Final answer:
To find a normal vector to the curve at (1, 2), calculate the gradient at that point by finding the partial derivatives, evaluate them at (1,2) to get the gradient (5, 13), and then find a perpendicular vector such as (-13, 5).
Step-by-step explanation:
To find a vector normal to the curve x³ + xy + y³ = 11 at the point (1,2), we must first calculate the gradient of the curve at that point.

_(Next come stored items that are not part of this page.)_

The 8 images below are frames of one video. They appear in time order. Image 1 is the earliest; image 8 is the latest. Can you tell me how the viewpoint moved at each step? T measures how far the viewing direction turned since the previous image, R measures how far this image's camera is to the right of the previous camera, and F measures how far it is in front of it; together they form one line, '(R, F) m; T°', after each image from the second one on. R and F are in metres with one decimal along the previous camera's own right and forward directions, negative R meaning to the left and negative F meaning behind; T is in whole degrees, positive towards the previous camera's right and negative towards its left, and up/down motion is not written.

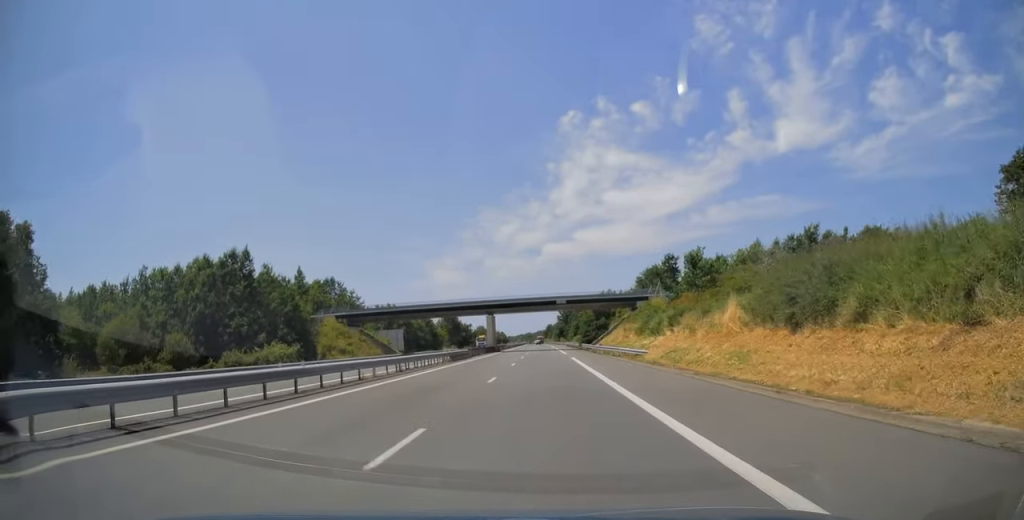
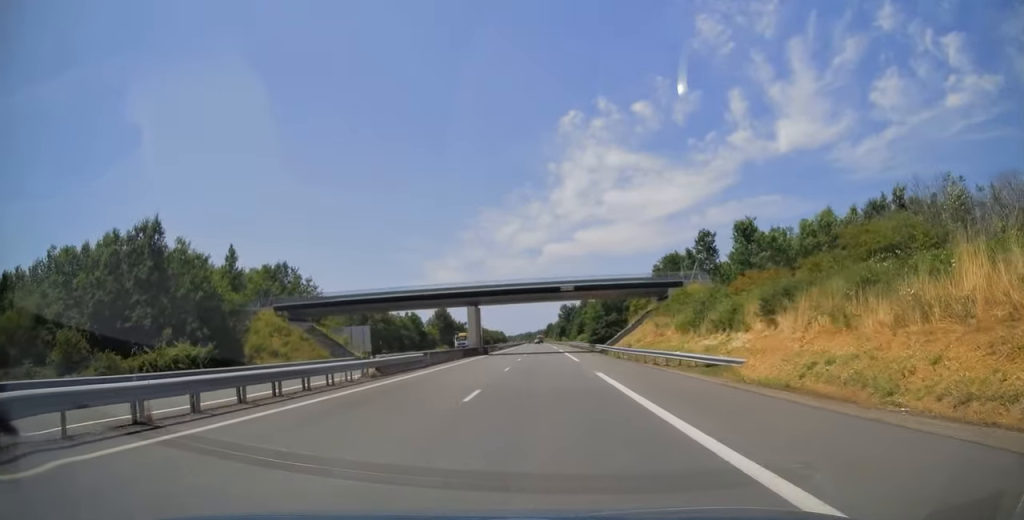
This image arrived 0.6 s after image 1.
(0.0, +19.3) m; 0°
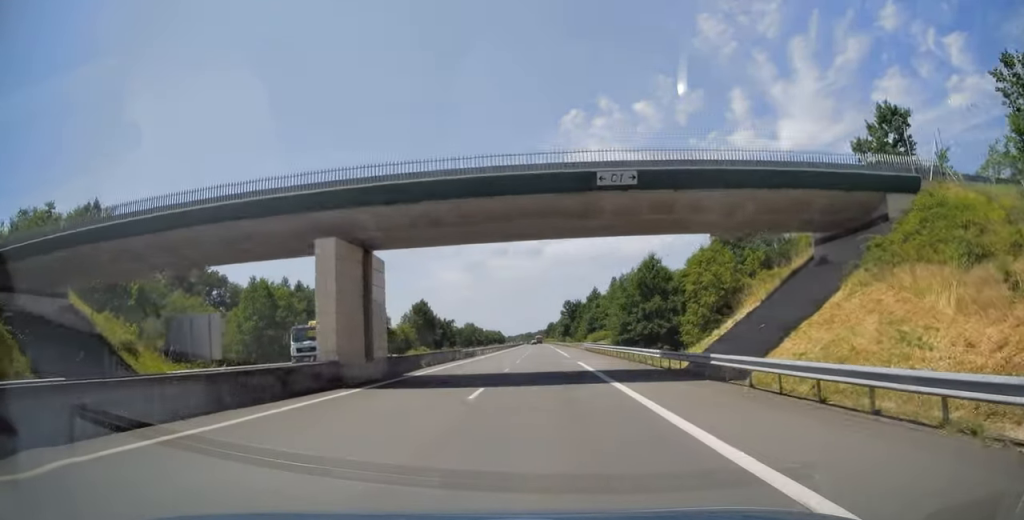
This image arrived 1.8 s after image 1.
(0.0, +39.1) m; 0°
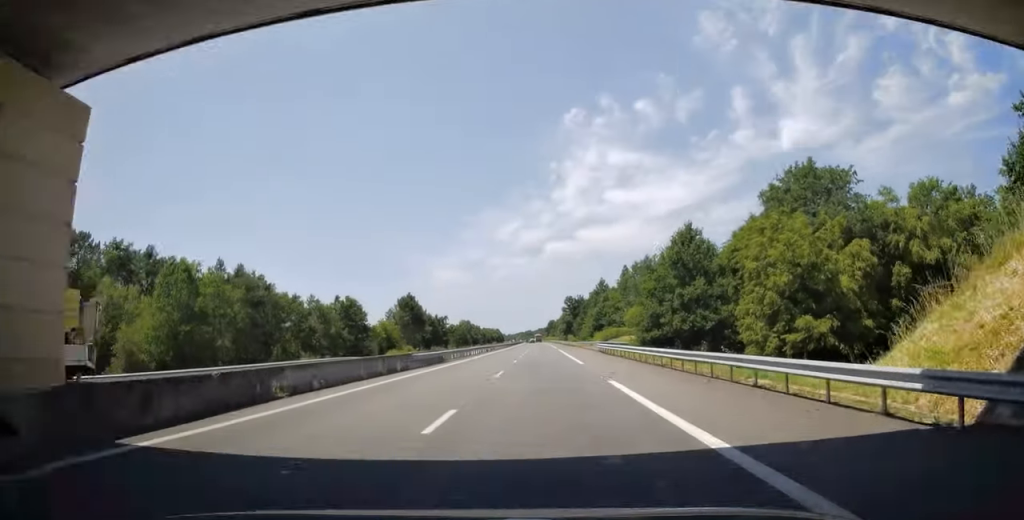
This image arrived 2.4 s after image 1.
(0.0, +18.2) m; 0°
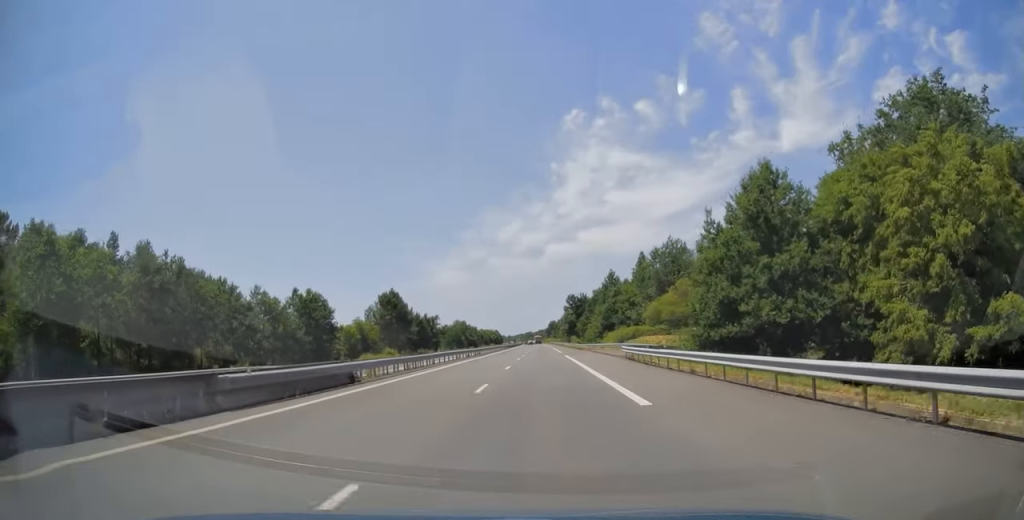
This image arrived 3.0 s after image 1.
(0.0, +19.3) m; 0°
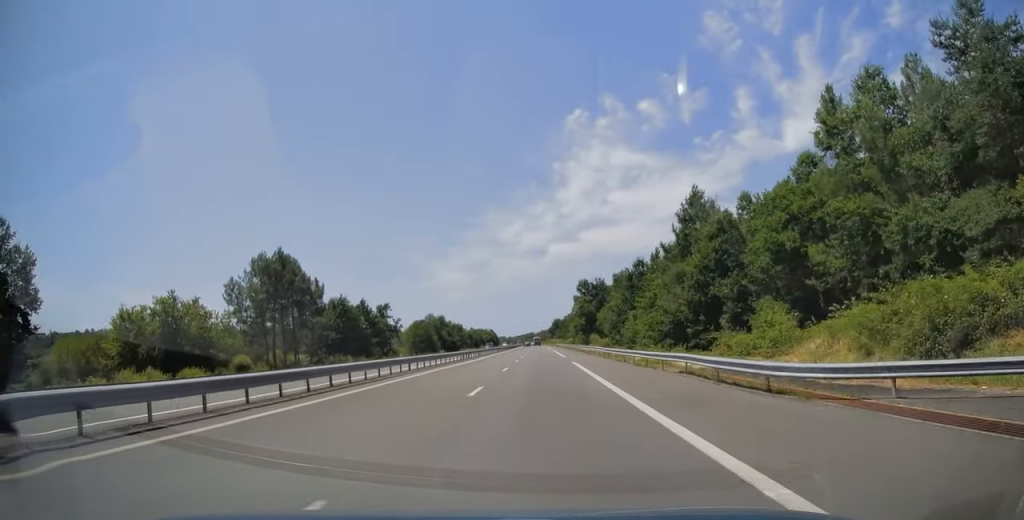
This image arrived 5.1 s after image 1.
(-0.8, +66.5) m; -1°
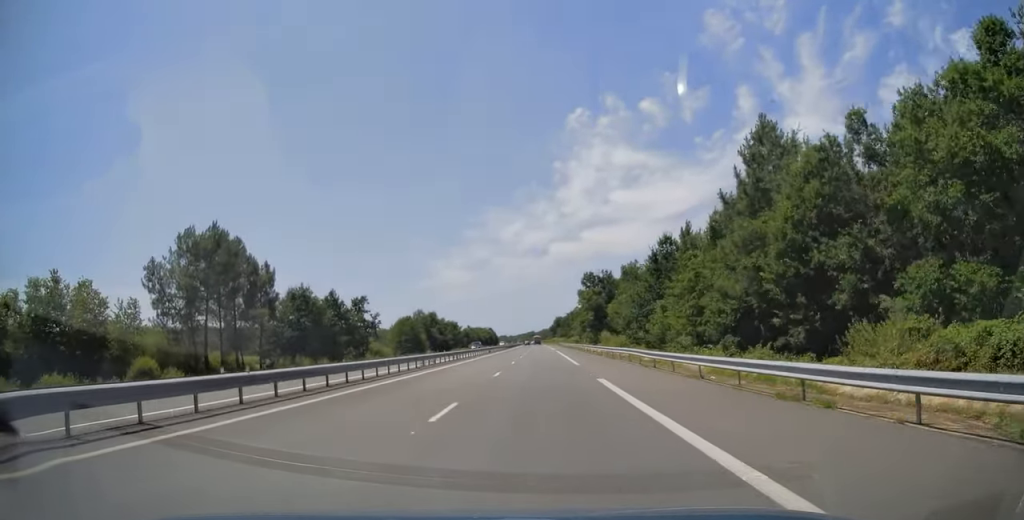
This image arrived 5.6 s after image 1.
(+0.2, +18.2) m; 0°
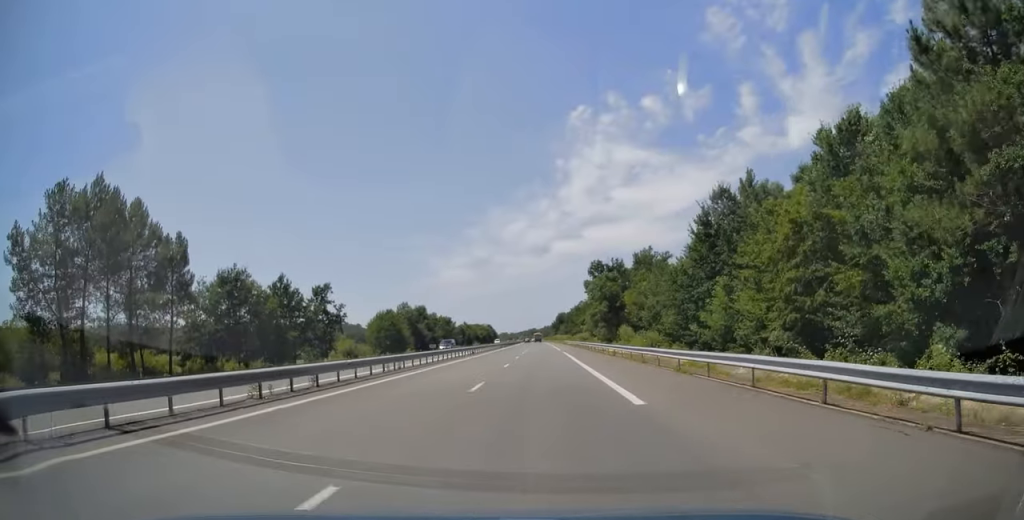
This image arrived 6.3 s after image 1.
(+0.1, +20.9) m; 0°

The gradient is given by the vector of partial derivatives, which represents the slope of the tangent plane to the surface at a particular point, and the normal vector is perpendicular to this gradient.
The partial derivatives of the given function with respect to x and y are:
- ∂f/∂x = 3x² + y
- ∂f/∂y = x + 3y²
Evaluating these at the point (1,2) gives:
- ∂f/∂x (1,2) = 3(1)² + 2 = 5
- ∂f/∂y (1,2) = 1 + 3(2)² = 13
Thus, the gradient vector at the point (1,2) is (5, 13), and a vector normal to the curve at this point would be perpendicular to this vector.
Therefore, a normal vector to the curve at (1,2) could be taken to be (-13, 5) or any scalar multiple of this vector. We can simply negate one of the components and swap them to find a vector that is orthogonal (perpendicular) to the given gradient vector.